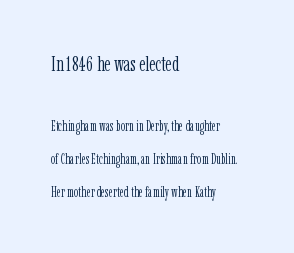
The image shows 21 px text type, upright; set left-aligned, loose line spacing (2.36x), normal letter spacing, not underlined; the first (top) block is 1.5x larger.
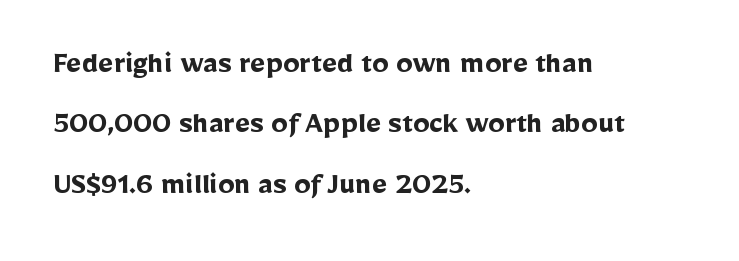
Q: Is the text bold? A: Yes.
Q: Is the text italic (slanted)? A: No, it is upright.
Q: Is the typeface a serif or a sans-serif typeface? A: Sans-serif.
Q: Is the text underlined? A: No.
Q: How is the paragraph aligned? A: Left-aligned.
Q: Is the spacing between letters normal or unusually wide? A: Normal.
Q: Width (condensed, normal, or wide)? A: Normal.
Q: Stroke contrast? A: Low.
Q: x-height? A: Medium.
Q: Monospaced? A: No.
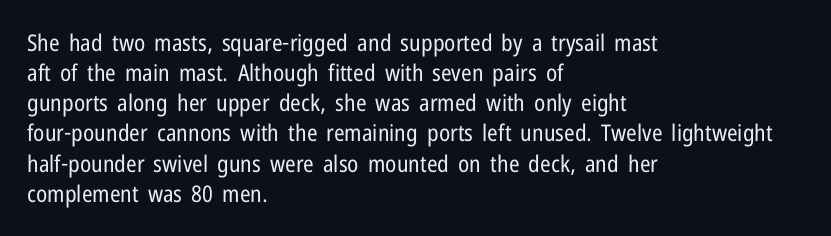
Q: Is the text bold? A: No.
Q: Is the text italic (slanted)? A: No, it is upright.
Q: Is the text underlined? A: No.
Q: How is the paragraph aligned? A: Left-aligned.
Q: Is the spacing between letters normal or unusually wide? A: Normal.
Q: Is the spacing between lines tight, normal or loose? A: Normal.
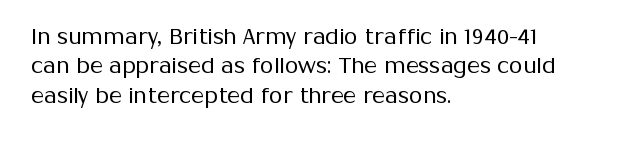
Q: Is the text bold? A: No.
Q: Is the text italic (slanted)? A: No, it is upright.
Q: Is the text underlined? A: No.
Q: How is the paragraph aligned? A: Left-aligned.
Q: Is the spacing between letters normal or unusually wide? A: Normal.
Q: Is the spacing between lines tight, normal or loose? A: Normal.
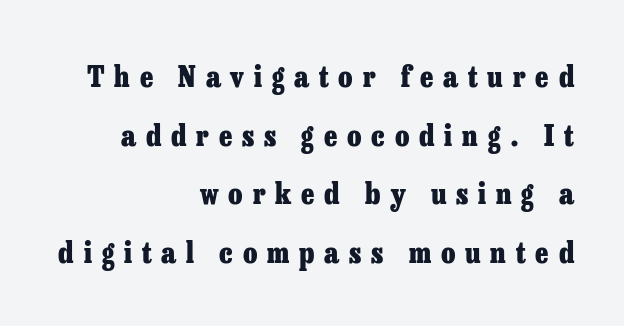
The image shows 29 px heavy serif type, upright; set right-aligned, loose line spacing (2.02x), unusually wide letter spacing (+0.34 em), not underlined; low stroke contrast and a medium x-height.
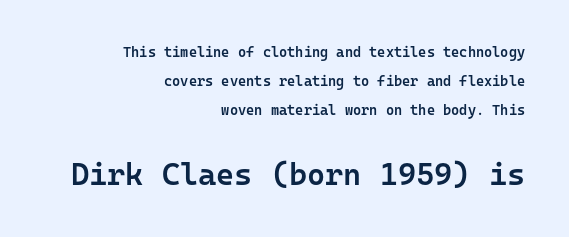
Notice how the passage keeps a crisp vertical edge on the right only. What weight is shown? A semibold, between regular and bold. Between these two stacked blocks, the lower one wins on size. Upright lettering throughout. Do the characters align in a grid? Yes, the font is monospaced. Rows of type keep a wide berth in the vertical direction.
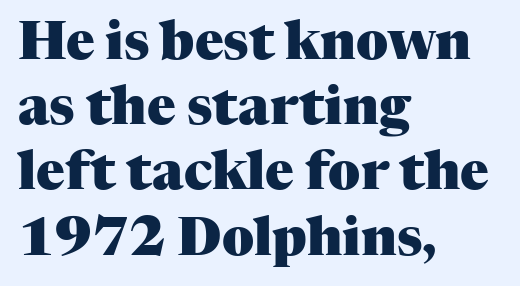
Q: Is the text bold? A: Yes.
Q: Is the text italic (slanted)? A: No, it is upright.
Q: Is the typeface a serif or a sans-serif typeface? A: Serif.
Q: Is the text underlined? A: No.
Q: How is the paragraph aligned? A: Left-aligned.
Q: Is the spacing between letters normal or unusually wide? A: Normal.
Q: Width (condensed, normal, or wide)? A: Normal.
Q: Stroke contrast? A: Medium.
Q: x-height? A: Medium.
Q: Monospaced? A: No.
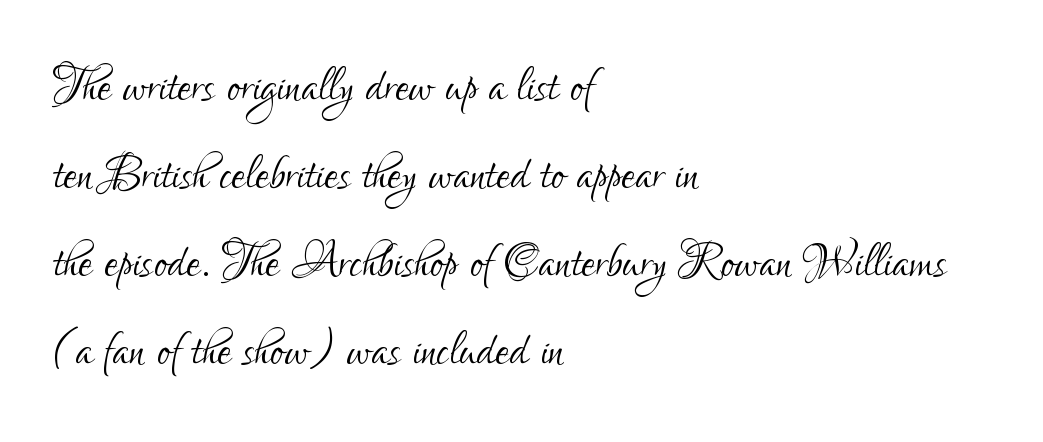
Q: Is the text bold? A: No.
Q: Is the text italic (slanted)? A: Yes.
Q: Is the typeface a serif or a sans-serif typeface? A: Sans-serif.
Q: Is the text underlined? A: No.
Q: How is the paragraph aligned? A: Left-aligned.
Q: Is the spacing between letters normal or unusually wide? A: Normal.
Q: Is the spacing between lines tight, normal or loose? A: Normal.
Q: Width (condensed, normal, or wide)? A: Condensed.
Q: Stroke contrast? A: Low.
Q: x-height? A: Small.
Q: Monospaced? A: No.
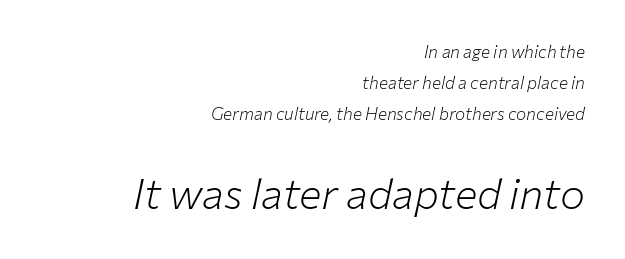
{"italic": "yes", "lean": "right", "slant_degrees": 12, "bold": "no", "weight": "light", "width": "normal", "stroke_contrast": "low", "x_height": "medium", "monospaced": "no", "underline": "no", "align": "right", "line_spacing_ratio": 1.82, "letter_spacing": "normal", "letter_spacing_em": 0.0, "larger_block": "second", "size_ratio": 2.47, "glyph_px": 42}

● ● ● ●

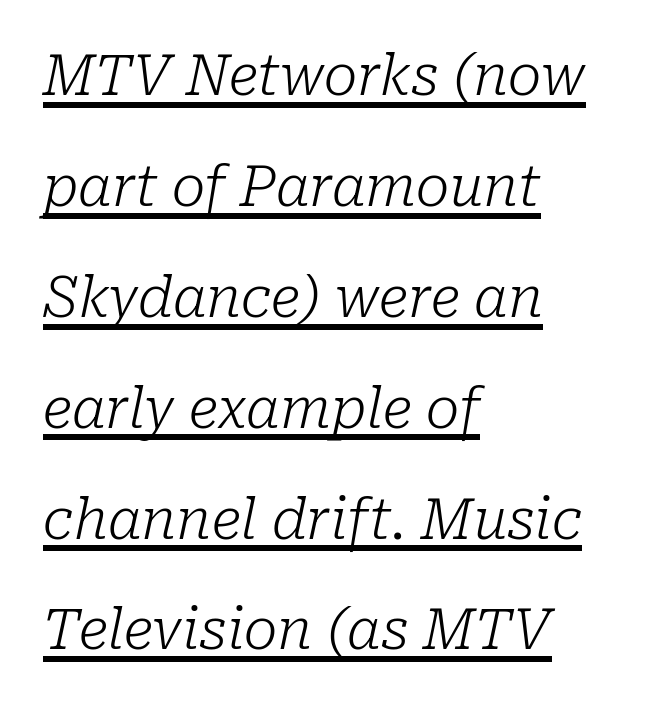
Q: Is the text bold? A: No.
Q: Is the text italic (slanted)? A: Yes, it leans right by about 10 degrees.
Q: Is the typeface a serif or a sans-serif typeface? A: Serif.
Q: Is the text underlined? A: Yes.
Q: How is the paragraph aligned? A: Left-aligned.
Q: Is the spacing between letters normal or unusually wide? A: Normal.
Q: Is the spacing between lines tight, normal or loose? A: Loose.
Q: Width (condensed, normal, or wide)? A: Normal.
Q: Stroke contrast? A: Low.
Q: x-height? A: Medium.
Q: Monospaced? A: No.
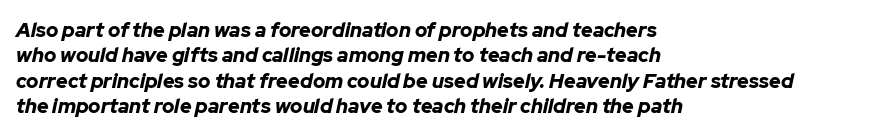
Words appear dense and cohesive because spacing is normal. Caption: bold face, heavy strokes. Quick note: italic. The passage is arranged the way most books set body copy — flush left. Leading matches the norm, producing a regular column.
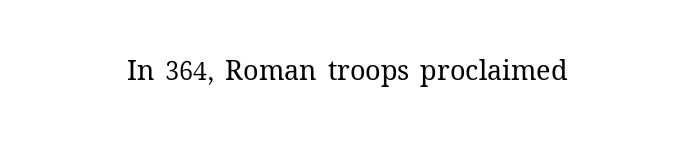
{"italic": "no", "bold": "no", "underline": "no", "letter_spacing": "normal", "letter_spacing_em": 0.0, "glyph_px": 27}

● ● ● ●

» EXERCISE DETAILS:
Using the records above, report how many lines include "shows", with no words around the number.

» ANSWER TO THIS TASK:
2